To do that we do not need a magic formula with three subtly different keys.
Just spent some time on identifying the units you are trying to process.
Use aggregation, selection and joining etc to get a table that has the desired observational unit in each row.
Use this table to answer the question posed.
Hint: be sure you understand the concept of observational unit (IMHO, what was missing here is a clear understanding of this concept)
en.wikipedia.org/wiki/Unit_of_observation
A decent talk if you aren't familiar with SQL GROUP BY. For people comfortable with the concept, it's not very valuable.
This surely could have been conveyed in 5 mins.. brevity people!!
Jane sold 16 apples in 3 days. Why is her average daily amount 16?
besides present it nicely to give the conceptual name collapsing key and grouping key to help understand the basic.. honestly, I think it's a really basic concept for even an entry-level analyst...
totally Wendao - but let's not criticise
Who would have thought...
Enjoyed the talk - well executed and concise...

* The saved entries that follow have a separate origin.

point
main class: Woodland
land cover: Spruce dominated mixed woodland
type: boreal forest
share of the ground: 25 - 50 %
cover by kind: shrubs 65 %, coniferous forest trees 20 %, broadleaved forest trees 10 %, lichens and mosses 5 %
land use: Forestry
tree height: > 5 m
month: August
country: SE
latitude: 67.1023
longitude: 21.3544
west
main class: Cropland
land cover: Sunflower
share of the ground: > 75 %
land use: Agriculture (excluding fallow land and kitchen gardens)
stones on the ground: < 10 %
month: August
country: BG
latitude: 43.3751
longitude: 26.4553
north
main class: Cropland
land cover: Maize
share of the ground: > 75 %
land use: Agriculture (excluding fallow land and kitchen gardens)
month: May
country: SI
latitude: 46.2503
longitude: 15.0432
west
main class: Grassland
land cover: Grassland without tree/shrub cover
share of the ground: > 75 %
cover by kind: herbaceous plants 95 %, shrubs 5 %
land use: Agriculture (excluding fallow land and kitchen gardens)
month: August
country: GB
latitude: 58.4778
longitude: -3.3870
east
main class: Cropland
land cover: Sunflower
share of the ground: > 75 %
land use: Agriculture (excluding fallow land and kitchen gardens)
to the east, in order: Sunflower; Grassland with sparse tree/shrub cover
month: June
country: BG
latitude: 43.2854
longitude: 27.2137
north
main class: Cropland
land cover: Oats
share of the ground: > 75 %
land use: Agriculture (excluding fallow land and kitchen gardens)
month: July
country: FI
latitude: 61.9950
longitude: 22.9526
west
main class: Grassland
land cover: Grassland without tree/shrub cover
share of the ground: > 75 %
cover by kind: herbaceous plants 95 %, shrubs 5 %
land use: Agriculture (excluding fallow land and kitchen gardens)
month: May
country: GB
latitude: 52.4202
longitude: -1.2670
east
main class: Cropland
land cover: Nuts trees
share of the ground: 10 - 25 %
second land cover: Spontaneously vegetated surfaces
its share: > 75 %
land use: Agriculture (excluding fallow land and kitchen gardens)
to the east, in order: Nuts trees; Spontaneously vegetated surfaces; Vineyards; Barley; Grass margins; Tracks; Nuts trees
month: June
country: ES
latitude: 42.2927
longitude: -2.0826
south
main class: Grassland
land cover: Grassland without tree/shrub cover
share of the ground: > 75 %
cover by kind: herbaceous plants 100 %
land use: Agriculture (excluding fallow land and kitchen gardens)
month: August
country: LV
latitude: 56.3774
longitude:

Very good, thanks for sharing. A lil' more Pandas and it coulda' been great :)
Thanks a lot Alex
SQl/Pandas ->Formula
Inner_Collapsingkey - Outer_GroupingKey = Implicit_ObservationKey
collapsingKey==primaryKey(default)
Amazing talk.
hardly...
Im no expert, but I feel like the meth kicked in. @17:30
Also it seems like you're unnecessarily reinventing ' df.set_index.'
Amazing talk. This seemingly simple concepts rapidly get complicated up in greater dimensions.